Collected data

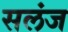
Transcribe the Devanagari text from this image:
सलंज
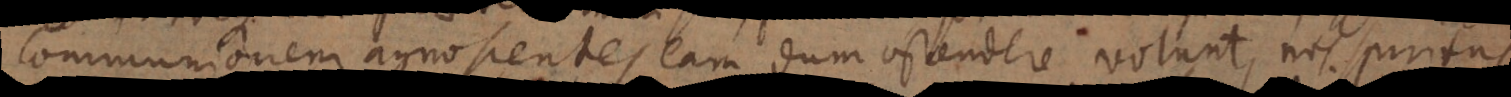
communionem agnoscentes eam dum ostendere volunt, nos spiritu
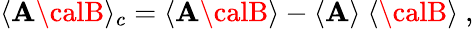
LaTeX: \langle{\cal\mathbf{A}}{\calB}\rangle_{c}=\langle{\cal\mathbf{A}}{\calB}\rangle-\langle{\cal\mathbf{A}}\rangle~\langle{\calB}\rangle~,
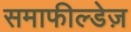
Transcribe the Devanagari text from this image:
समाफील्डेज़
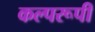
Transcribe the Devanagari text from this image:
कल्परूपी
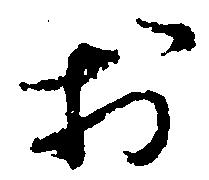
於
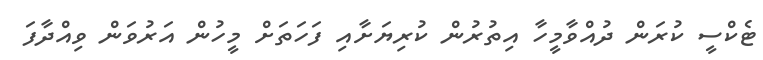
ޓެކްސީ ކުރަން ދުއްވާމީހާ އިތުރުން ކުރިޔަށާއި ފަހަތަށް މީހުން އަރުވަން ވިއްދާފަ
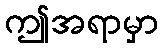
ဤအရာမှာ
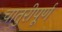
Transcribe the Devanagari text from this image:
चातुरीपूर्ण
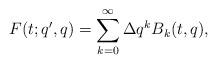
LaTeX: \begin{align*} F(t;q',q)= \sum_{k=0}^{\infty} \Delta q^k B_k(t,q),\end{align*}
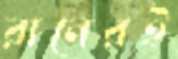
রানেরই
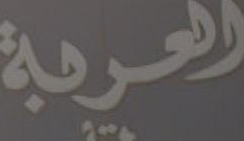
العربة
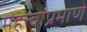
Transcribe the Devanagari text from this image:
महत्त्वाप्रमाणे
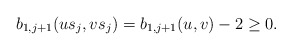
\begin{align*}b_{1, j+1}(us_j,vs_j)=b_{1, j+1}(u,v)-2\geq 0.\end{align*}
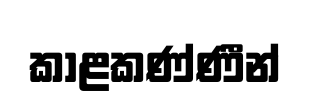
කාළකණ්ණීන්
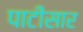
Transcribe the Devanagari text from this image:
पाटीसार
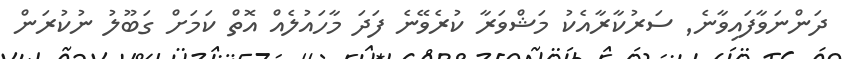
ދަންނަވާފައިވާނެ
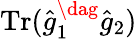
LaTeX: \operatorname{Tr}(\hat{g}_{1}^{\dag}\hat{g}_{2})
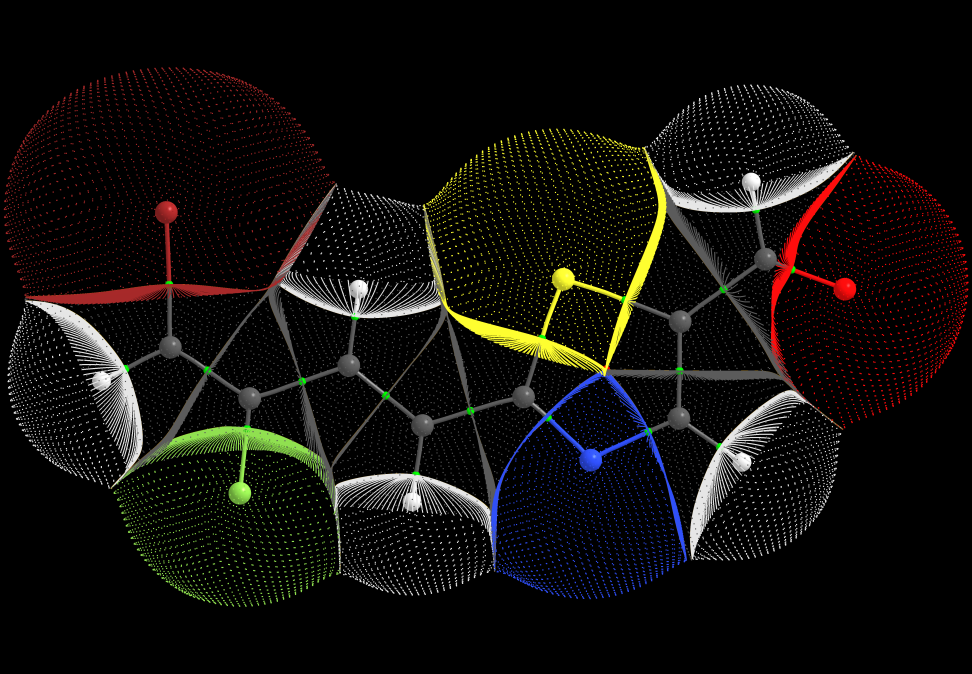
aimaii, QTAIM,gradient paths
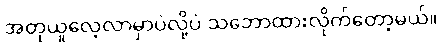
အတုယူလေ့လာမှာပဲလို့ပဲ သဘောထားလိုက်တော့မယ်။
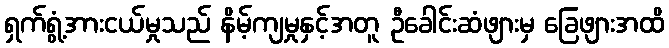
ရှက်ရွံ့အားငယ်မှုသည် နိမ့်ကျမှုနှင့်အတူ ဦခေါင်းဆံဖျားမှ ခြေဖျားအထိ
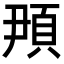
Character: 䪳
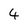
Character: 4
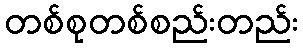
တစ်စုတစ်စည်းတည်း
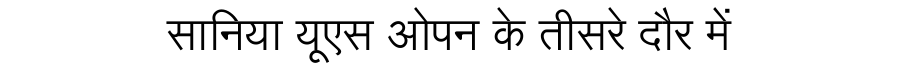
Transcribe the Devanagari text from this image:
सानिया यूएस ओपन के तीसरे दौर में
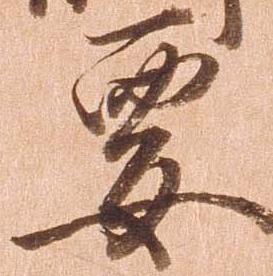
要
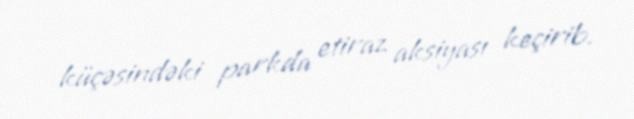
küçəsindəki parkda etiraz aksiyası keçirib.
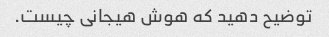
توضیح دهید که هوش هیجانی چیست.
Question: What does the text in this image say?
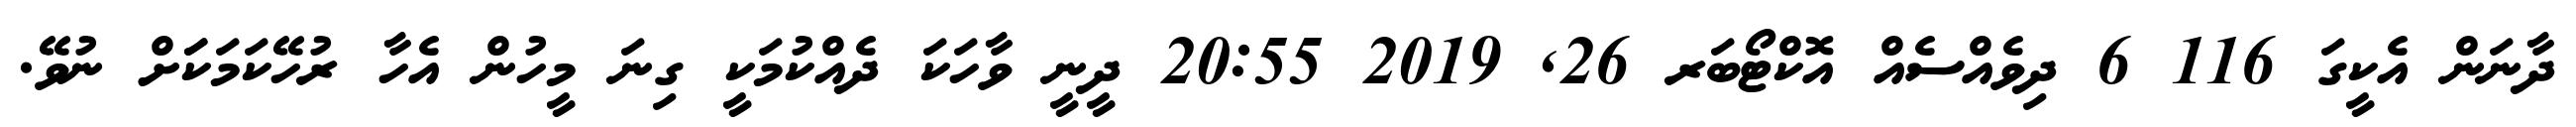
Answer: ދާނަން އެކީގަ 116 6 ދިވެއްސެއް އޮކްޓޯބަރ 26, 2019 20:55 ދީނީ ވާހަކަ ދެއްކުމަކީ ގިނަ މީހުން އެހާ ރުހޭކަމަކަަށް ނުވޭ.
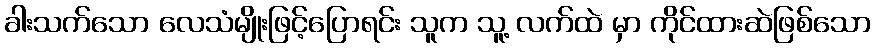
ခါးသက်သော လေသံမျိုးဖြင့်ပြောရင်း သူက သူ့ လက်ထဲ မှာ ကိုင်ထားဆဲဖြစ်သော
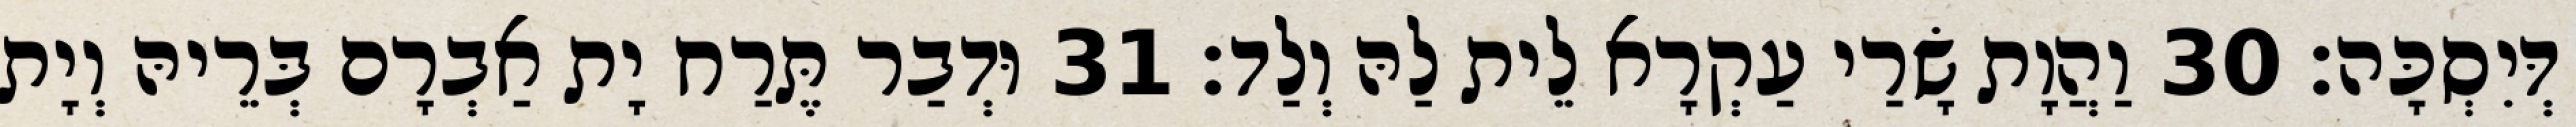
דְּיִסְכָּה׃ 30 וַהֲוָת שָׂרַי עַקְרָא לֵית לַהּ וְלַד׃ 31 וּדְבַר תֶּרַח יָת אַבְרָם בְּרֵיהּ וְיָת
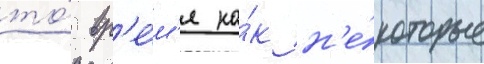
то́ вр'е́м'я ка́к н'е́которые
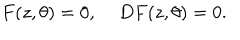
F ( z , \theta ) = 0 , \; D F ( z , \theta ) = 0 .
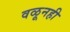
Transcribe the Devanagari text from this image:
वळूनही
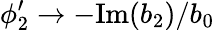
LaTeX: \phi_{2}^{\prime}\rightarrow-\mathrm{Im}(b_{2})/b_{0}
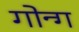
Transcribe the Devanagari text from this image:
गोन्ग
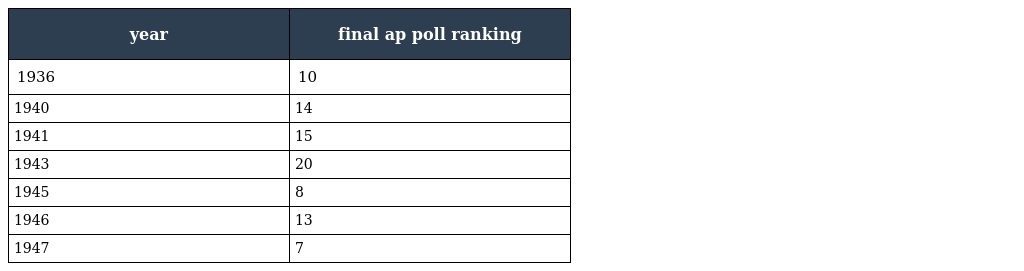
| year | final ap poll ranking |
 | --- | --- |
 | 1936 | 10 |
 | 1940 | 14 |
 | 1941 | 15 |
 | 1943 | 20 |
 | 1945 | 8 |
 | 1946 | 13 |
 | 1947 | 7 |
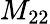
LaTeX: M_{22}
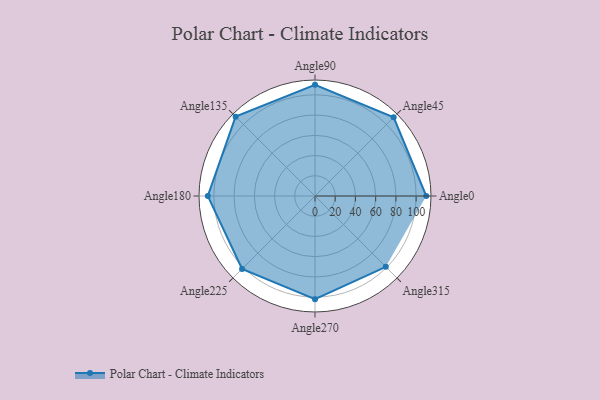
{"axis": {"x": "Angle", "y": "Radius"}, "legend": [""], "data": [{"x": "Angle0", "y": 110.0, "type": ""}, {"x": "Angle45", "y": 110.0, "type": ""}, {"x": "Angle90", "y": 110.0, "type": ""}, {"x": "Angle135", "y": 111.0, "type": ""}, {"x": "Angle180", "y": 106.0, "type": ""}, {"x": "Angle225", "y": 102.0, "type": ""}, {"x": "Angle270", "y": 102.0, "type": ""}, {"x": "Angle315", "y": 99.0, "type": ""}]}
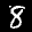
Label: 8
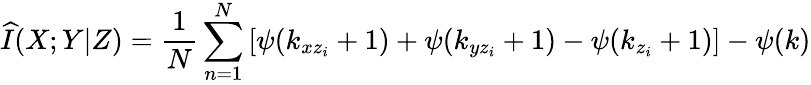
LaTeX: \widehat{I}(X;Y|Z)=\frac{1}{N}\sum_{n=1}^{N}\left[\psi(k_{xz_{i}}+1)+\psi(k_{yz_{i}}+1)-\psi(k_{z_{i}}+1)\right]-\psi(k)
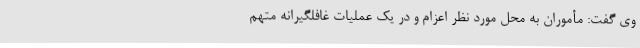
وی گفت: مأموران به محل مورد نظر اعزام و در یک عملیات غافلگیرانه متهم
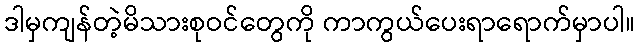
ဒါမှကျန်တဲ့မိသားစုဝင်တွေကို ကာကွယ်ပေးရာရောက်မှာပါ။

- **What you are asked to do**: Give the data again exactly, image-free.

- **Solution to this problem**:
Transcribe the Devanagari text from this image:
सलंज
communionem agnoscentes eam dum ostendere volunt, nos spiritu
LaTeX: \langle{\cal\mathbf{A}}{\calB}\rangle_{c}=\langle{\cal\mathbf{A}}{\calB}\rangle-\langle{\cal\mathbf{A}}\rangle~\langle{\calB}\rangle~,
Transcribe the Devanagari text from this image:
समाफील्डेज़
Transcribe the Devanagari text from this image:
कल्परूपी
於
ޓެކްސީ ކުރަން ދުއްވާމީހާ އިތުރުން ކުރިޔަށާއި ފަހަތަށް މީހުން އަރުވަން ވިއްދާފަ
ဤအရာမှာ
Transcribe the Devanagari text from this image:
चातुरीपूर्ण
LaTeX: \begin{align*} F(t;q',q)= \sum_{k=0}^{\infty} \Delta q^k B_k(t,q),\end{align*}
রানেরই
العربة
Transcribe the Devanagari text from this image:
महत्त्वाप्रमाणे
\begin{align*}b_{1, j+1}(us_j,vs_j)=b_{1, j+1}(u,v)-2\geq 0.\end{align*}
කාළකණ්ණීන්
Transcribe the Devanagari text from this image:
पाटीसार
ދަންނަވާފައިވާނެ
LaTeX: \operatorname{Tr}(\hat{g}_{1}^{\dag}\hat{g}_{2})
aimaii, QTAIM,gradient paths
အတုယူလေ့လာမှာပဲလို့ပဲ သဘောထားလိုက်တော့မယ်။
ရှက်ရွံ့အားငယ်မှုသည် နိမ့်ကျမှုနှင့်အတူ ဦခေါင်းဆံဖျားမှ ခြေဖျားအထိ
Character: 䪳
Character: 4
တစ်စုတစ်စည်းတည်း
Transcribe the Devanagari text from this image:
सानिया यूएस ओपन के तीसरे दौर में
要
küçəsindəki parkda etiraz aksiyası keçirib.
توضیح دهید که هوش هیجانی چیست.
Question: What does the text in this image say?
Answer: ދާނަން އެކީގަ 116 6 ދިވެއްސެއް އޮކްޓޯބަރ 26, 2019 20:55 ދީނީ ވާހަކަ ދެއްކުމަކީ ގިނަ މީހުން އެހާ ރުހޭކަމަކަަށް ނުވޭ.
ခါးသက်သော လေသံမျိုးဖြင့်ပြောရင်း သူက သူ့ လက်ထဲ မှာ ကိုင်ထားဆဲဖြစ်သော
דְּיִסְכָּה׃ 30 וַהֲוָת שָׂרַי עַקְרָא לֵית לַהּ וְלַד׃ 31 וּדְבַר תֶּרַח יָת אַבְרָם בְּרֵיהּ וְיָת
то́ вр'е́м'я ка́к н'е́которые
F ( z , \theta ) = 0 , \; D F ( z , \theta ) = 0 .
Transcribe the Devanagari text from this image:
वळूनही
LaTeX: \phi_{2}^{\prime}\rightarrow-\mathrm{Im}(b_{2})/b_{0}
Transcribe the Devanagari text from this image:
गोन्ग
| year | final ap poll ranking |
 | --- | --- |
 | 1936 | 10 |
 | 1940 | 14 |
 | 1941 | 15 |
 | 1943 | 20 |
 | 1945 | 8 |
 | 1946 | 13 |
 | 1947 | 7 |
LaTeX: M_{22}
{"axis": {"x": "Angle", "y": "Radius"}, "legend": [""], "data": [{"x": "Angle0", "y": 110.0, "type": ""}, {"x": "Angle45", "y": 110.0, "type": ""}, {"x": "Angle90", "y": 110.0, "type": ""}, {"x": "Angle135", "y": 111.0, "type": ""}, {"x": "Angle180", "y": 106.0, "type": ""}, {"x": "Angle225", "y": 102.0, "type": ""}, {"x": "Angle270", "y": 102.0, "type": ""}, {"x": "Angle315", "y": 99.0, "type": ""}]}
Label: 8
LaTeX: \widehat{I}(X;Y|Z)=\frac{1}{N}\sum_{n=1}^{N}\left[\psi(k_{xz_{i}}+1)+\psi(k_{yz_{i}}+1)-\psi(k_{z_{i}}+1)\right]-\psi(k)
وی گفت: مأموران به محل مورد نظر اعزام و در یک عملیات غافلگیرانه متهم
ဒါမှကျန်တဲ့မိသားစုဝင်တွေကို ကာကွယ်ပေးရာရောက်မှာပါ။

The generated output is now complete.